**GIVEN DATA:**
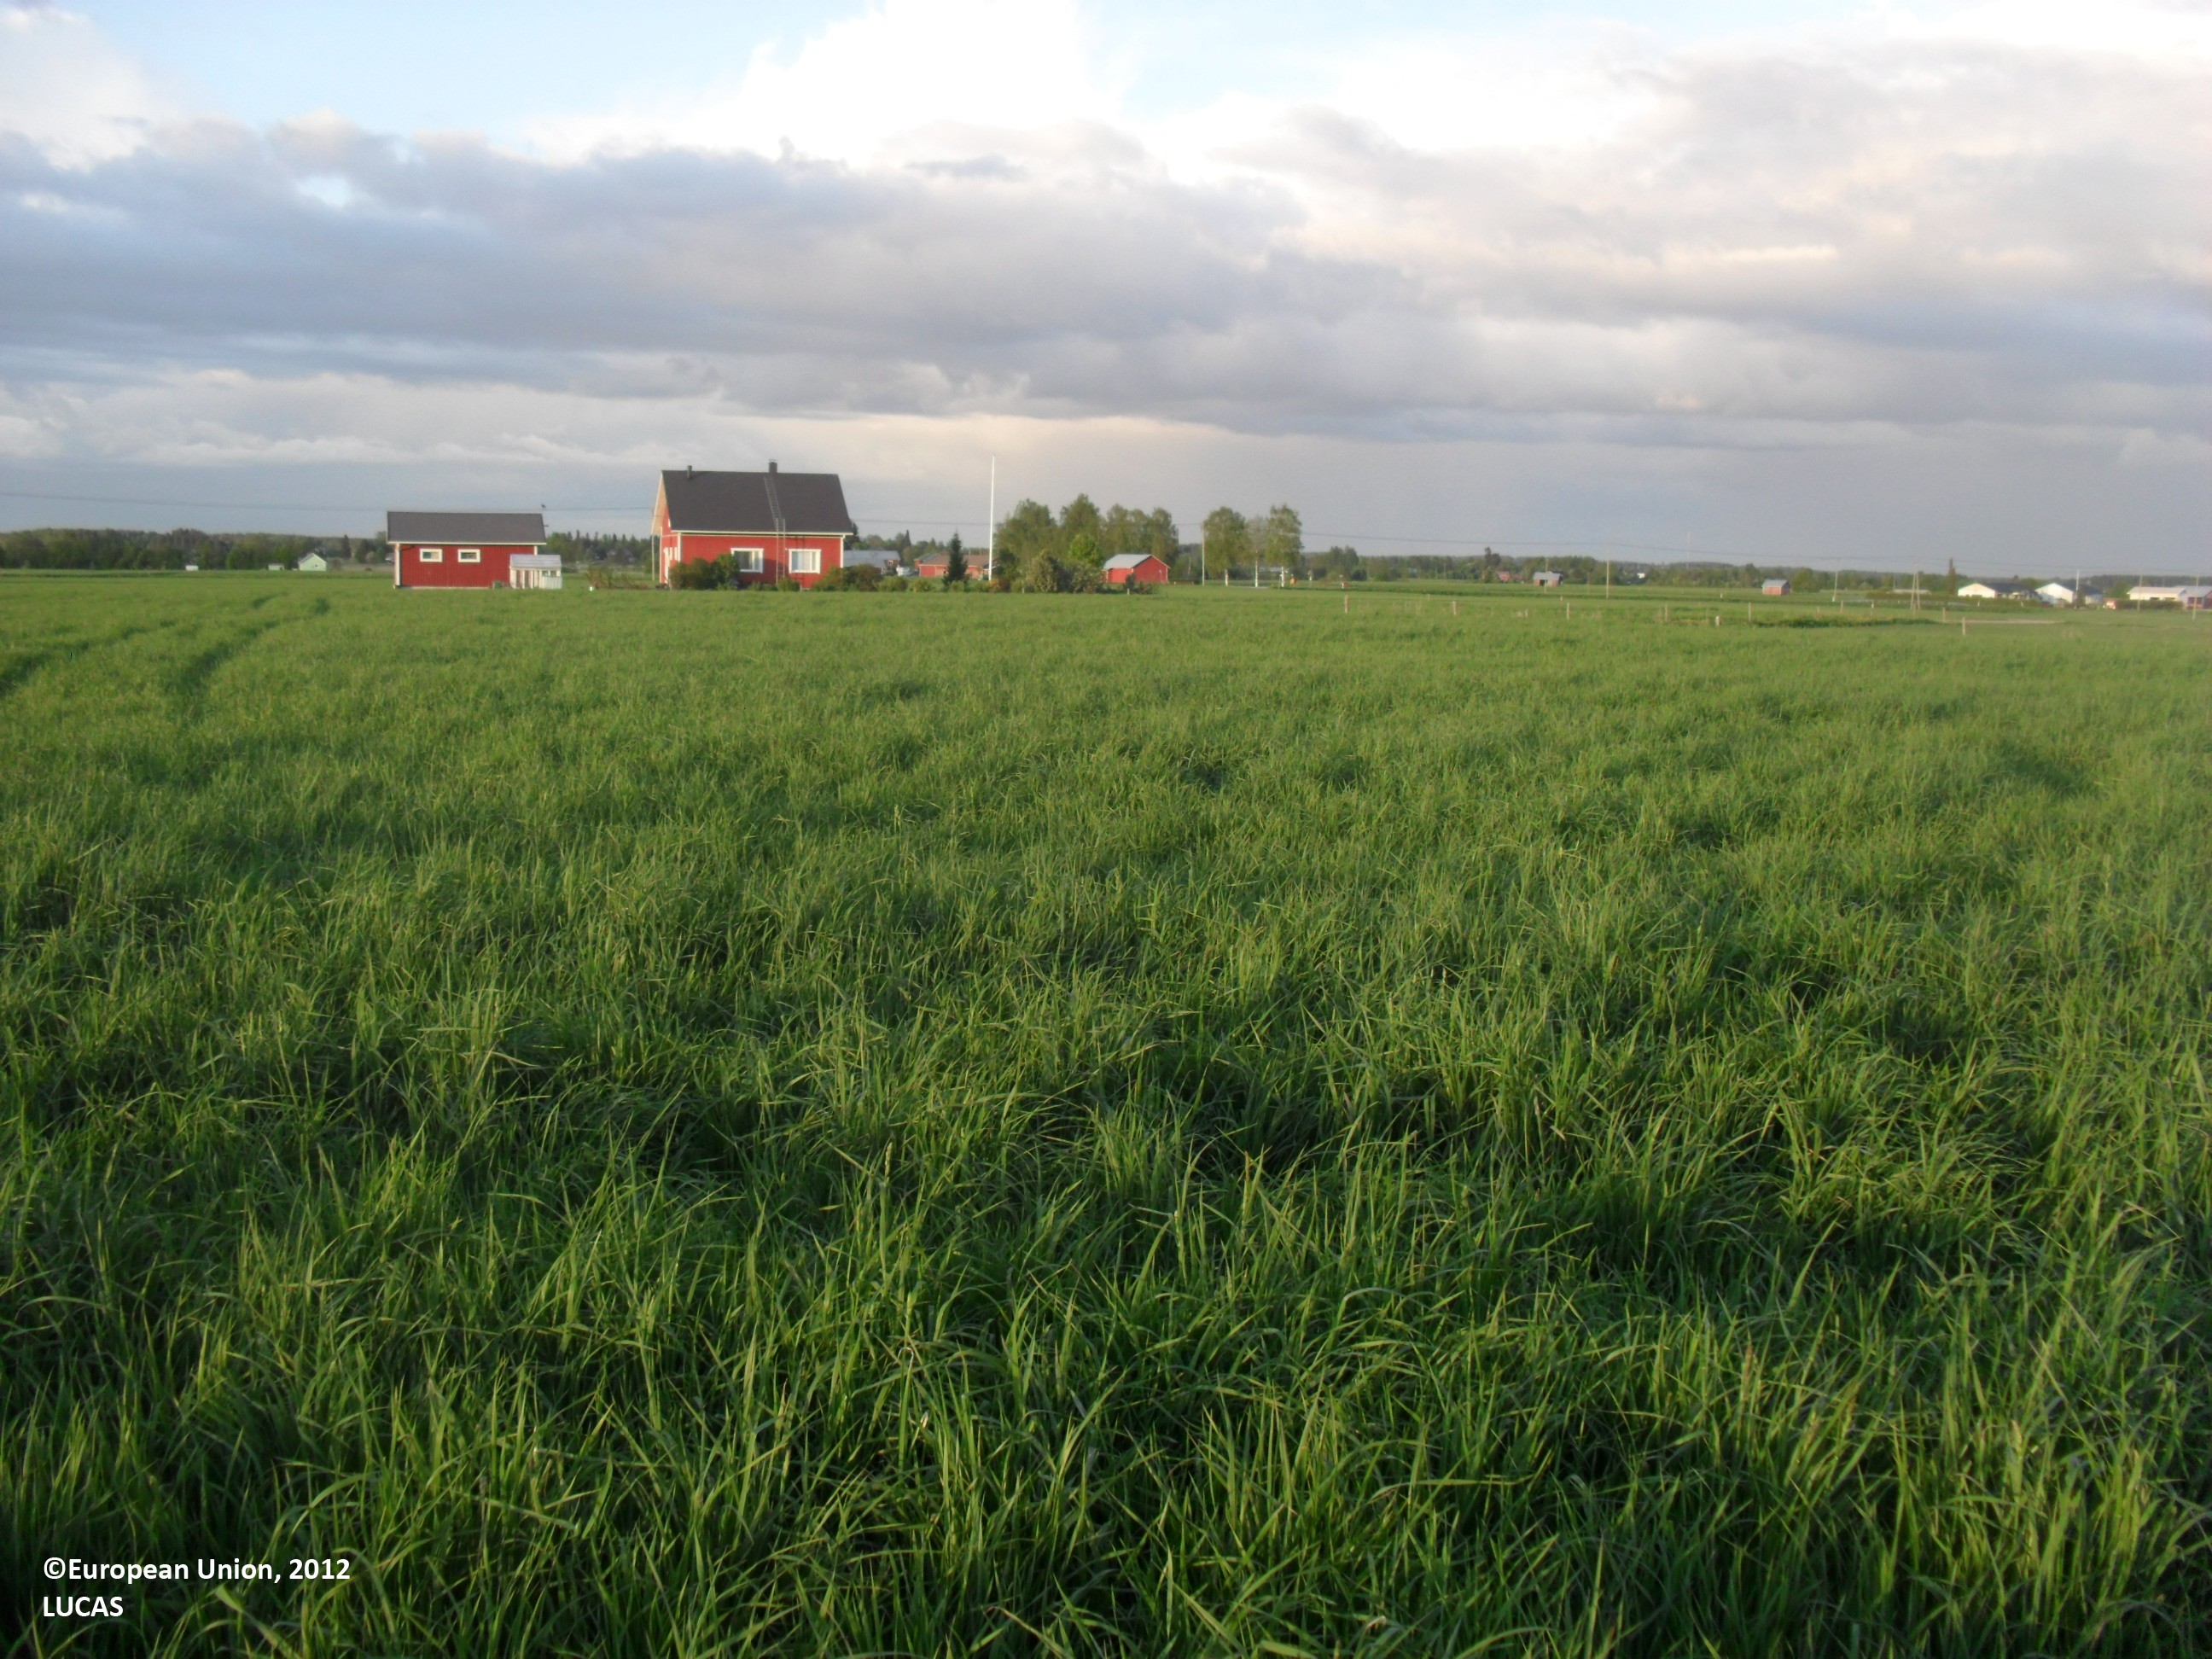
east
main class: Cropland
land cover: Temporary grasslands
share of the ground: > 75 %
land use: Agriculture (excluding fallow land and kitchen gardens)
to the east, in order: Temporary grasslands; Fences; Grassland with sparse tree/shrub cover; Electric lines; Oats; Paved roads, cycling and walking lanes; Ditches and canals; Temporary grasslands
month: June
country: FI
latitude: 62.9088
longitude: 23.1906
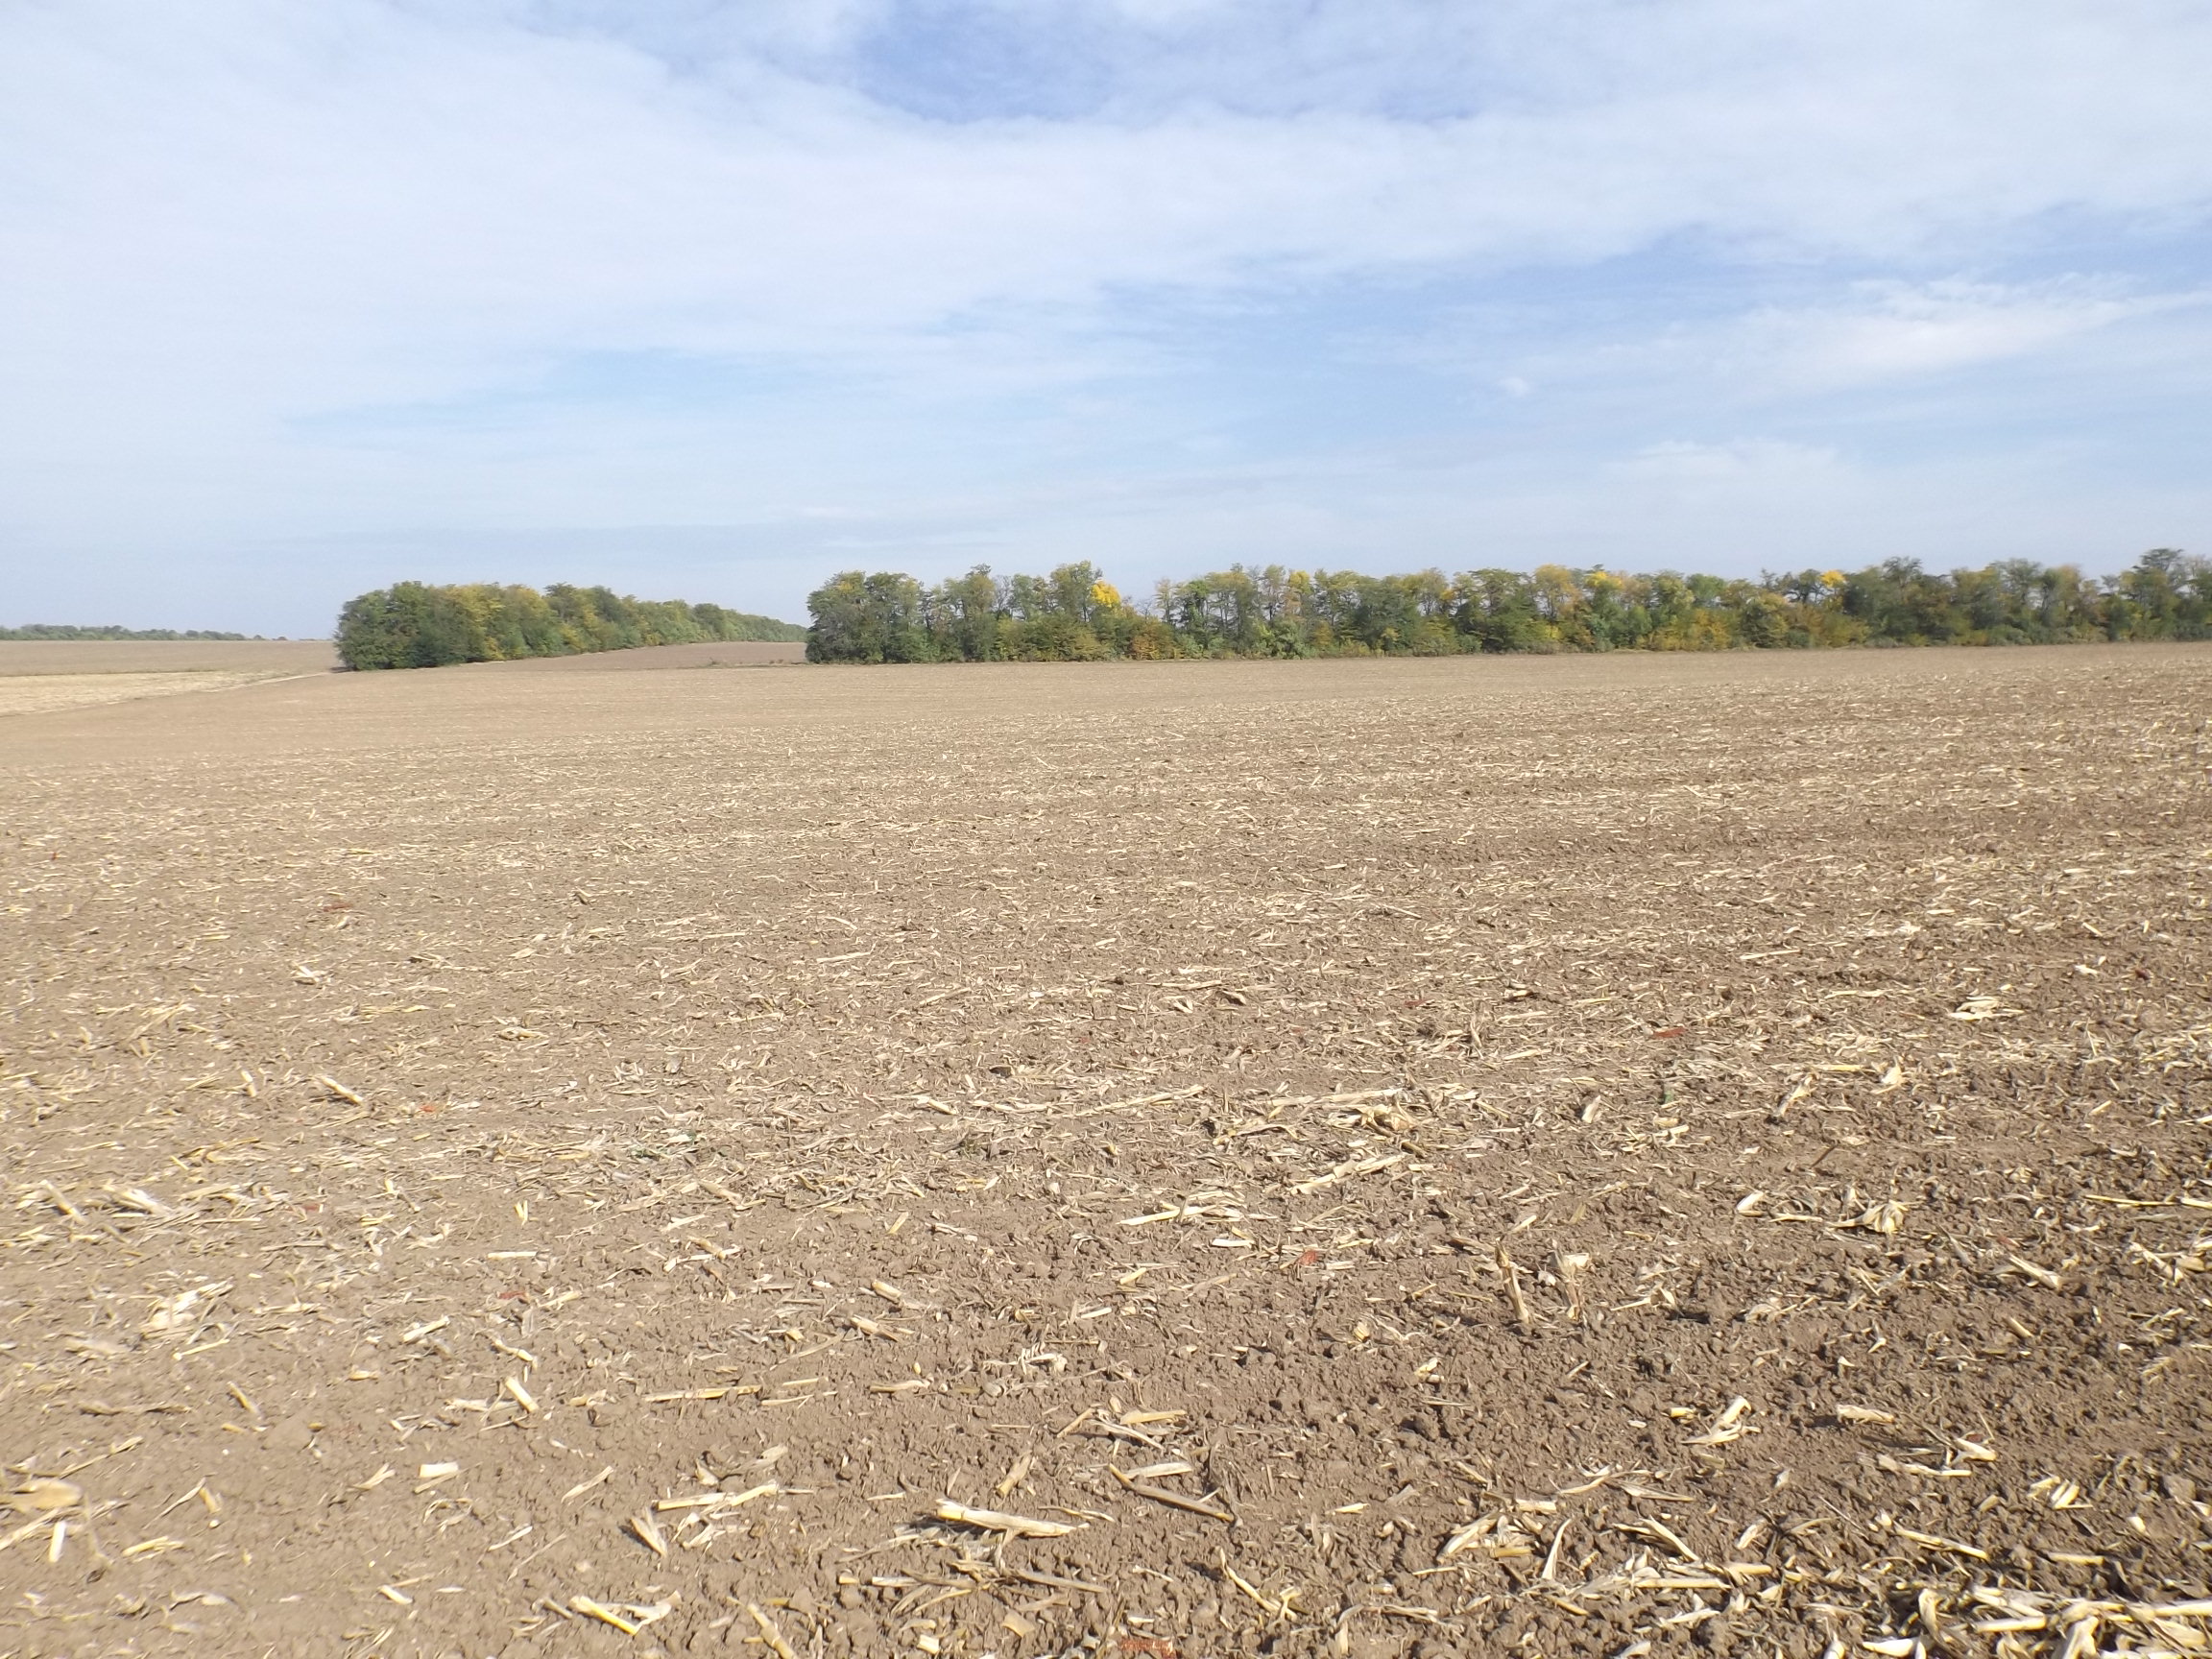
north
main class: Cropland
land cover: Maize
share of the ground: < 10 %
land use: Agriculture (excluding fallow land and kitchen gardens)
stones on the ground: < 10 %
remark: Harvested field
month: October
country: BG
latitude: 43.9276
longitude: 26.8976

**DESCRIPTION OF THE TASK:** With no pictures included, write out the entries exactly.

**TASK RESPONSE:**
east
main class: Cropland
land cover: Temporary grasslands
share of the ground: > 75 %
land use: Agriculture (excluding fallow land and kitchen gardens)
to the east, in order: Temporary grasslands; Fences; Grassland with sparse tree/shrub cover; Electric lines; Oats; Paved roads, cycling and walking lanes; Ditches and canals; Temporary grasslands
month: June
country: FI
latitude: 62.9088
longitude: 23.1906
north
main class: Cropland
land cover: Maize
share of the ground: < 10 %
land use: Agriculture (excluding fallow land and kitchen gardens)
stones on the ground: < 10 %
remark: Harvested field
month: October
country: BG
latitude: 43.9276
longitude: 26.8976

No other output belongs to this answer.